### [EXCERPTED RECORDS]
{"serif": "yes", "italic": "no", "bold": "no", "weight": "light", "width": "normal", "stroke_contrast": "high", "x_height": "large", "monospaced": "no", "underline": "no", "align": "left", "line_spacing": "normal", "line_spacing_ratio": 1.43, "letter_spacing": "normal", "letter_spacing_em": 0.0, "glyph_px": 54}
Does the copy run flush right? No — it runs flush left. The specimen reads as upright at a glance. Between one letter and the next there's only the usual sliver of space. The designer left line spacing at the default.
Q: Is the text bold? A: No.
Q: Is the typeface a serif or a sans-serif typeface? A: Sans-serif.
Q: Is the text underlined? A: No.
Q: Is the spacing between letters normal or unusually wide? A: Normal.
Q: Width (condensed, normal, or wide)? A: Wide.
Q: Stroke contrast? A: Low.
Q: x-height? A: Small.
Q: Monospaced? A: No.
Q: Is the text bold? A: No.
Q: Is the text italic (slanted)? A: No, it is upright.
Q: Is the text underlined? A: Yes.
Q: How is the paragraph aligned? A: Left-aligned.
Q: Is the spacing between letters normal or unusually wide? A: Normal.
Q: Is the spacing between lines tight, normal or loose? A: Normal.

...

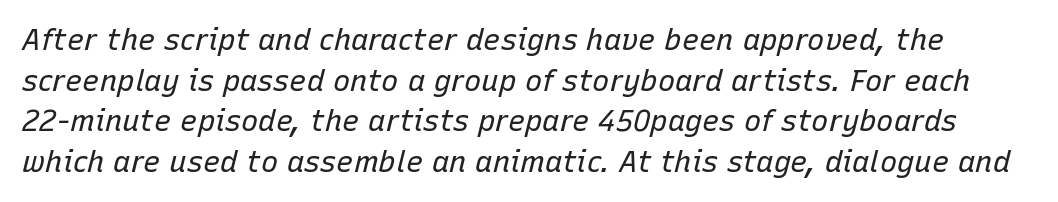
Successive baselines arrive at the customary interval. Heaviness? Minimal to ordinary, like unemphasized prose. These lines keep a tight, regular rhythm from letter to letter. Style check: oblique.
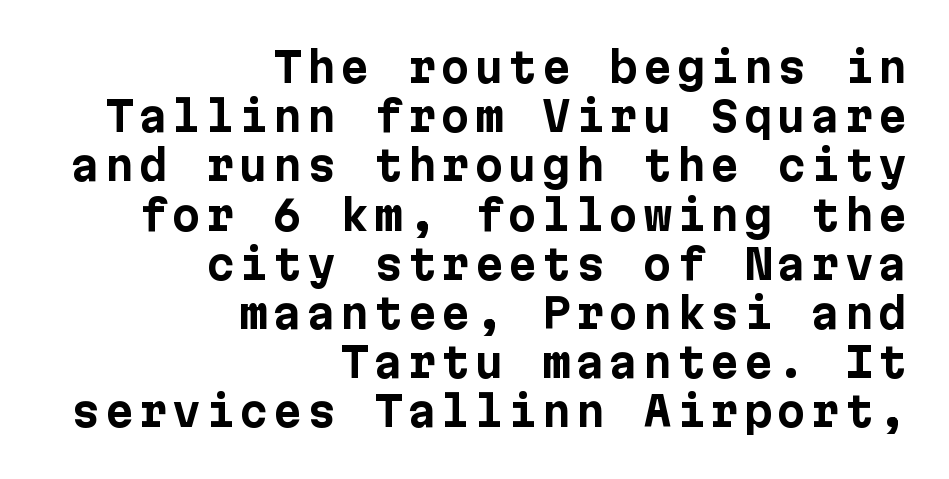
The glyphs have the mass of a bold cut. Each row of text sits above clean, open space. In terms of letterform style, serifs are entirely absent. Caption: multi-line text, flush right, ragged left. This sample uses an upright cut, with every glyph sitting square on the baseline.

### [DESCRIPTION OF THE TASK]
Look above for the line holding "Q: Monospaced? A: No.", then set down exactly that line and every line after it up to and including the line holding "Q: How is the", with nothing else.

### [RESPONSE AREA]
Q: Monospaced? A: No.
Q: Is the text bold? A: No.
Q: Is the text italic (slanted)? A: No, it is upright.
Q: Is the text underlined? A: Yes.
Q: How is the paragraph aligned? A: Left-aligned.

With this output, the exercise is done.